Wer sich allerdings eine „gute“ Bio-Butter heraussucht, bekommt für den höheren Preis auch ein Produkt aus kontrolliert ökologischer Landwirtschaft: Dazu gehören zum Beispiel artgerechte Tierhaltung mit Auslauf auf Weiden sowie ökologisch erzeugtes Futter. Und die Bio-Bauern verwenden unter anderem keine Pflanzenschutzmittel bei der Futterproduktion.

Was die Verpackung (nicht) verrät

In der Kennzeichnung „mangelhaft“ war nur die Alpa von Plus. Sie ist nicht – wie auf der Packung zu lesen – eine mildgesäuerte, sondern eine Süßrahmbutter.

Interessant zu wissen: Butter, die in Deutschland abgepackt wird, muss nicht aus der Milch deutscher Kühe sein. Der Rahm dafür kann aus jedem europäischen Land stammen. Manchmal wird auch bereits fertige Butter in großen Blöcken importiert, mitunter sogar tiefgefroren.

Unabhängig von der Herkunft möchte der Verbraucher streichfähige Butter: Jede vierte erfüllte diesen Wunsch voll und ganz. Hart waren nur drei Produkte. Das kann am Futter liegen, am Butterungsprozess, aber auch an den Lagerungsbedingungen. Besonders nachteilig wirken sich Temperaturschwankungen auf die Streichfähigkeit aus.

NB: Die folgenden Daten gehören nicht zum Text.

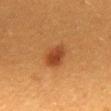biopsy_status: not biopsied; imaged during a skin examination
site: mid back
lighting: cross-polarized
automated_metrics:
  area_mm2_approx: 7.0
  shape_asymmetry: 0.2
  vs_skin_contrast_norm: 8.0
  nevus_likeness_0_100: 100
  lesion_detection_confidence_0_100: 100
image:
  source: total-body photography crop
  field_of_view_mm: 15
patient:
  sex: female
  age_approx: 40
lesion_size:
  long_diameter_mm_approx: 3.0
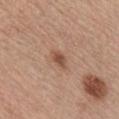  biopsy_status: not biopsied; imaged during a skin examination
  patient:
    sex: male
    age_approx: 40
  lighting: white-light
  site: chest
  lesion_size:
    long_diameter_mm_approx: 2.5
  image:
    source: total-body photography crop
    field_of_view_mm: 15
  automated_metrics:
    area_mm2_approx: 3.0
    eccentricity: 0.8
    shape_asymmetry: 0.3
    nevus_likeness_0_100: 80
    lesion_detection_confidence_0_100: 100
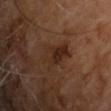follow-up — total-body-photography surveillance lesion; no biopsy
imaging modality — 15 mm crop, total-body photography
automated metrics — an eccentricity of roughly 0.85 and a shape-asymmetry score of about 0.3 (0 = symmetric); a border-irregularity rating of about 4.5/10 and a within-lesion color-variation index near 4/10; a classifier nevus-likeness of about 5/100 and lesion-presence confidence of about 100/100
lighting — cross-polarized
diameter — about 4.5 mm
anatomic site — the upper back
patient — male, aged 58 to 62
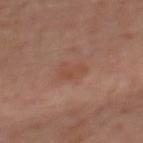notes = total-body-photography surveillance lesion; no biopsy.
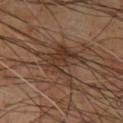Impression: Imaged during a routine full-body skin examination; the lesion was not biopsied and no histopathology is available. Acquisition and patient details: Longest diameter approximately 6.5 mm. From the upper back. The patient is a male aged around 60. The total-body-photography lesion software estimated about 8 CIELAB-L* units darker than the surrounding skin and a normalized border contrast of about 7.5. The analysis additionally found internal color variation of about 4.5 on a 0–10 scale and radial color variation of about 1.5. A 15 mm crop from a total-body photograph taken for skin-cancer surveillance. Imaged with cross-polarized lighting.
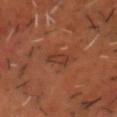follow-up: catalogued during a skin exam; not biopsied | illumination: cross-polarized illumination | subject: male, aged around 50 | acquisition: 15 mm crop, total-body photography | site: the head or neck.
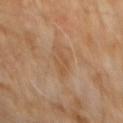The recorded lesion diameter is about 4.5 mm. A male subject, aged approximately 60. On the front of the torso. Captured under cross-polarized illumination. Cropped from a whole-body photographic skin survey; the tile spans about 15 mm.
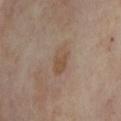No biopsy was performed on this lesion — it was imaged during a full skin examination and was not determined to be concerning. A female subject in their mid-50s. The lesion is on the left lower leg. A lesion tile, about 15 mm wide, cut from a 3D total-body photograph.
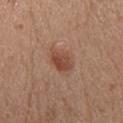No biopsy was performed on this lesion — it was imaged during a full skin examination and was not determined to be concerning. A female patient, in their 70s. From the head or neck. Captured under white-light illumination. Automated image analysis of the tile measured an eccentricity of roughly 0.65 and a shape-asymmetry score of about 0.2 (0 = symmetric). A 15 mm close-up extracted from a 3D total-body photography capture.
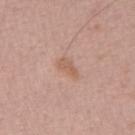This lesion was catalogued during total-body skin photography and was not selected for biopsy. Automated image analysis of the tile measured a lesion area of about 3 mm², an eccentricity of roughly 0.85, and two-axis asymmetry of about 0.3. The software also gave a border-irregularity index near 3.5/10, a color-variation rating of about 1/10, and a peripheral color-asymmetry measure near 0. The software also gave a nevus-likeness score of about 25/100 and a detector confidence of about 100 out of 100 that the crop contains a lesion. Cropped from a total-body skin-imaging series; the visible field is about 15 mm. A male patient, aged around 40. Measured at roughly 2.5 mm in maximum diameter. The lesion is located on the left forearm. The tile uses white-light illumination.
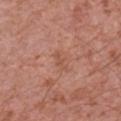This lesion was catalogued during total-body skin photography and was not selected for biopsy.
Captured under white-light illumination.
Automated image analysis of the tile measured a lesion color around L≈53 a*≈24 b*≈30 in CIELAB, about 6 CIELAB-L* units darker than the surrounding skin, and a lesion-to-skin contrast of about 4.5 (normalized; higher = more distinct). And it measured a border-irregularity rating of about 4.5/10, internal color variation of about 1.5 on a 0–10 scale, and peripheral color asymmetry of about 0.5.
A close-up tile cropped from a whole-body skin photograph, about 15 mm across.
The lesion's longest dimension is about 2.5 mm.
The subject is a male about 50 years old.
The lesion is located on the right upper arm.
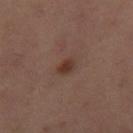follow-up: imaged on a skin check; not biopsied | lesion size: ≈2.5 mm | TBP lesion metrics: internal color variation of about 2.5 on a 0–10 scale and a peripheral color-asymmetry measure near 1 | site: the leg | subject: female, roughly 60 years of age | acquisition: total-body-photography crop, ~15 mm field of view.
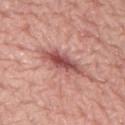The total-body-photography lesion software estimated an area of roughly 10 mm² and an eccentricity of roughly 0.95. And it measured a lesion color around L≈53 a*≈27 b*≈24 in CIELAB, about 13 CIELAB-L* units darker than the surrounding skin, and a normalized lesion–skin contrast near 8.5. It also reported a nevus-likeness score of about 10/100 and a detector confidence of about 75 out of 100 that the crop contains a lesion.
The patient is a male in their 70s.
This is a white-light tile.
Located on the left lower leg.
Cropped from a whole-body photographic skin survey; the tile spans about 15 mm.
Measured at roughly 6 mm in maximum diameter.
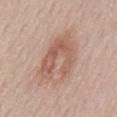Case summary:
– biopsy status — total-body-photography surveillance lesion; no biopsy
– patient — female, in their mid- to late 50s
– lighting — white-light
– lesion diameter — ~6 mm (longest diameter)
– imaging modality — ~15 mm crop, total-body skin-cancer survey
– location — the mid back
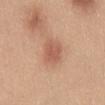<tbp_lesion>
<biopsy_status>not biopsied; imaged during a skin examination</biopsy_status>
<lesion_size>
  <long_diameter_mm_approx>3.0</long_diameter_mm_approx>
</lesion_size>
<site>chest</site>
<image>
  <source>total-body photography crop</source>
  <field_of_view_mm>15</field_of_view_mm>
</image>
<patient>
  <sex>female</sex>
  <age_approx>30</age_approx>
</patient>
<automated_metrics>
  <area_mm2_approx>6.5</area_mm2_approx>
  <shape_asymmetry>0.15</shape_asymmetry>
</automated_metrics>
</tbp_lesion>
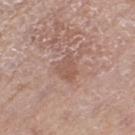{"biopsy_status": "not biopsied; imaged during a skin examination", "lesion_size": {"long_diameter_mm_approx": 3.5}, "patient": {"sex": "female", "age_approx": 75}, "image": {"source": "total-body photography crop", "field_of_view_mm": 15}, "site": "left thigh", "lighting": "white-light"}
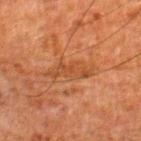This lesion was catalogued during total-body skin photography and was not selected for biopsy. A male subject, in their 80s. A close-up tile cropped from a whole-body skin photograph, about 15 mm across. Automated image analysis of the tile measured a lesion area of about 8 mm², an eccentricity of roughly 0.9, and a shape-asymmetry score of about 0.35 (0 = symmetric). The software also gave a border-irregularity index near 5/10, a color-variation rating of about 2.5/10, and radial color variation of about 0.5. About 5 mm across. On the right lower leg. Imaged with cross-polarized lighting.
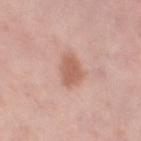Q: Was this lesion biopsied?
A: imaged on a skin check; not biopsied
Q: How large is the lesion?
A: about 3.5 mm
Q: How was the tile lit?
A: white-light illumination
Q: What kind of image is this?
A: 15 mm crop, total-body photography
Q: Where on the body is the lesion?
A: the left thigh
Q: Patient demographics?
A: female, aged 48–52
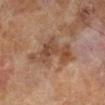Longest diameter approximately 6.5 mm. A male subject aged around 65. The total-body-photography lesion software estimated an area of roughly 14 mm² and a shape-asymmetry score of about 0.6 (0 = symmetric). It also reported a border-irregularity rating of about 7.5/10, a within-lesion color-variation index near 4.5/10, and a peripheral color-asymmetry measure near 1.5. A close-up tile cropped from a whole-body skin photograph, about 15 mm across.
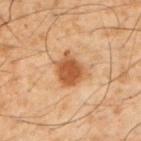Recorded during total-body skin imaging; not selected for excision or biopsy.
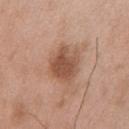- workup — total-body-photography surveillance lesion; no biopsy
- patient — male, aged around 50
- image source — ~15 mm tile from a whole-body skin photo
- body site — the chest
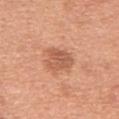A lesion tile, about 15 mm wide, cut from a 3D total-body photograph.
The lesion is on the abdomen.
A male subject roughly 65 years of age.
This is a white-light tile.
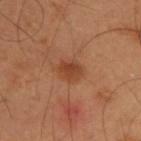Q: Was this lesion biopsied?
A: no biopsy performed (imaged during a skin exam)
Q: What is the anatomic site?
A: the upper back
Q: Patient demographics?
A: male, in their mid-50s
Q: What kind of image is this?
A: 15 mm crop, total-body photography
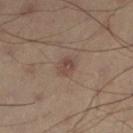biopsy status: no biopsy performed (imaged during a skin exam)
image: 15 mm crop, total-body photography
patient: male, about 55 years old
body site: the left lower leg
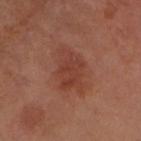A 15 mm close-up extracted from a 3D total-body photography capture. About 5.5 mm across. An algorithmic analysis of the crop reported a footprint of about 14 mm², a shape eccentricity near 0.75, and two-axis asymmetry of about 0.35. And it measured border irregularity of about 4 on a 0–10 scale and peripheral color asymmetry of about 1. A male subject, aged around 70. The tile uses cross-polarized illumination. The lesion is located on the arm.
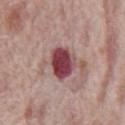The lesion was photographed on a routine skin check and not biopsied; there is no pathology result.
The lesion is on the abdomen.
The recorded lesion diameter is about 4 mm.
Automated image analysis of the tile measured an average lesion color of about L≈43 a*≈29 b*≈17 (CIELAB), about 18 CIELAB-L* units darker than the surrounding skin, and a lesion-to-skin contrast of about 13 (normalized; higher = more distinct). It also reported a border-irregularity index near 2/10, a within-lesion color-variation index near 5/10, and radial color variation of about 1.5.
The patient is a male aged approximately 70.
This image is a 15 mm lesion crop taken from a total-body photograph.
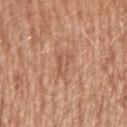| field | value |
|---|---|
| notes | total-body-photography surveillance lesion; no biopsy |
| image-analysis metrics | a border-irregularity rating of about 5/10 and a color-variation rating of about 2.5/10 |
| imaging modality | 15 mm crop, total-body photography |
| anatomic site | the right upper arm |
| diameter | about 3.5 mm |
| patient | female, aged 38 to 42 |
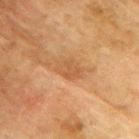Q: Was a biopsy performed?
A: no biopsy performed (imaged during a skin exam)
Q: What kind of image is this?
A: total-body-photography crop, ~15 mm field of view
Q: What are the patient's age and sex?
A: male, roughly 75 years of age
Q: Lesion location?
A: the upper back
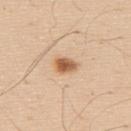Recorded during total-body skin imaging; not selected for excision or biopsy. A male subject aged 58–62. Approximately 2.5 mm at its widest. On the upper back. Imaged with white-light lighting. This image is a 15 mm lesion crop taken from a total-body photograph.
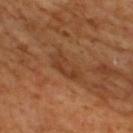{
  "biopsy_status": "not biopsied; imaged during a skin examination",
  "lighting": "cross-polarized",
  "automated_metrics": {
    "area_mm2_approx": 7.0,
    "eccentricity": 0.9,
    "shape_asymmetry": 0.25,
    "cielab_L": 38,
    "cielab_a": 22,
    "cielab_b": 33,
    "vs_skin_darker_L": 6.0,
    "lesion_detection_confidence_0_100": 95
  },
  "lesion_size": {
    "long_diameter_mm_approx": 4.5
  },
  "image": {
    "source": "total-body photography crop",
    "field_of_view_mm": 15
  },
  "patient": {
    "sex": "male",
    "age_approx": 65
  },
  "site": "upper back"
}
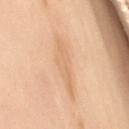| field | value |
|---|---|
| notes | no biopsy performed (imaged during a skin exam) |
| TBP lesion metrics | an average lesion color of about L≈60 a*≈17 b*≈32 (CIELAB), about 6 CIELAB-L* units darker than the surrounding skin, and a normalized border contrast of about 4.5; a color-variation rating of about 1.5/10 and radial color variation of about 0.5 |
| lesion diameter | ~6 mm (longest diameter) |
| patient | female, aged 58 to 62 |
| acquisition | ~15 mm tile from a whole-body skin photo |
| site | the lower back |
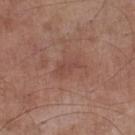Captured during whole-body skin photography for melanoma surveillance; the lesion was not biopsied. The lesion is on the left lower leg. A male subject aged 53 to 57. A region of skin cropped from a whole-body photographic capture, roughly 15 mm wide. Imaged with white-light lighting.
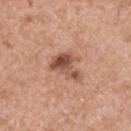This lesion was catalogued during total-body skin photography and was not selected for biopsy.
A 15 mm close-up extracted from a 3D total-body photography capture.
Located on the chest.
The subject is a male aged 68 to 72.
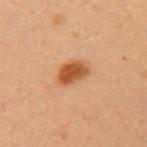Cropped from a whole-body photographic skin survey; the tile spans about 15 mm.
The lesion is located on the left upper arm.
Measured at roughly 3.5 mm in maximum diameter.
The patient is a female in their 40s.
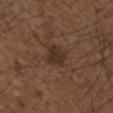This lesion was catalogued during total-body skin photography and was not selected for biopsy. Cropped from a whole-body photographic skin survey; the tile spans about 15 mm. This is a white-light tile. Longest diameter approximately 3 mm. On the left upper arm. The patient is a male aged 48 to 52.
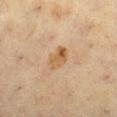Notes:
– biopsy status: no biopsy performed (imaged during a skin exam)
– body site: the leg
– patient: female, about 55 years old
– illumination: cross-polarized
– image source: total-body-photography crop, ~15 mm field of view
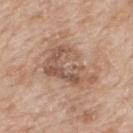{
  "biopsy_status": "not biopsied; imaged during a skin examination",
  "site": "mid back",
  "lighting": "white-light",
  "patient": {
    "sex": "male",
    "age_approx": 65
  },
  "automated_metrics": {
    "area_mm2_approx": 17.0,
    "eccentricity": 0.8,
    "shape_asymmetry": 0.45,
    "cielab_L": 55,
    "cielab_a": 18,
    "cielab_b": 28,
    "vs_skin_darker_L": 10.0,
    "vs_skin_contrast_norm": 7.0,
    "border_irregularity_0_10": 7.5,
    "color_variation_0_10": 5.5
  },
  "lesion_size": {
    "long_diameter_mm_approx": 6.5
  },
  "image": {
    "source": "total-body photography crop",
    "field_of_view_mm": 15
  }
}
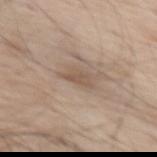Recorded during total-body skin imaging; not selected for excision or biopsy. On the front of the torso. An algorithmic analysis of the crop reported an average lesion color of about L≈54 a*≈15 b*≈27 (CIELAB), a lesion–skin lightness drop of about 8, and a lesion-to-skin contrast of about 6 (normalized; higher = more distinct). It also reported a classifier nevus-likeness of about 5/100 and a detector confidence of about 95 out of 100 that the crop contains a lesion. This is a white-light tile. A roughly 15 mm field-of-view crop from a total-body skin photograph. A male subject, roughly 70 years of age.
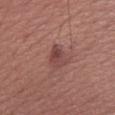Q: Was this lesion biopsied?
A: total-body-photography surveillance lesion; no biopsy
Q: What is the imaging modality?
A: ~15 mm tile from a whole-body skin photo
Q: What is the anatomic site?
A: the left forearm
Q: What are the patient's age and sex?
A: male, in their mid-30s
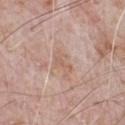Impression:
This lesion was catalogued during total-body skin photography and was not selected for biopsy.
Background:
The lesion is on the chest. A male patient aged 68–72. Cropped from a whole-body photographic skin survey; the tile spans about 15 mm. Automated image analysis of the tile measured border irregularity of about 4.5 on a 0–10 scale, a color-variation rating of about 1.5/10, and a peripheral color-asymmetry measure near 0.5. The lesion's longest dimension is about 3 mm. The tile uses white-light illumination.
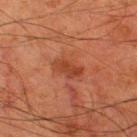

Wer Milchzucker nicht verträgt (Laktose-Intoleranz), kann auf die „gute“ laktosefreie Butter Minus L zurückgreifen. Sie enthält wie vorgeschrieben weniger als 0,1 Prozent Laktose und überzeugte im Test rundum. Für Menschen ohne diese Stoffwechselstörung macht es aber keinen Sinn, Produkte ohne Milchzucker zu kaufen.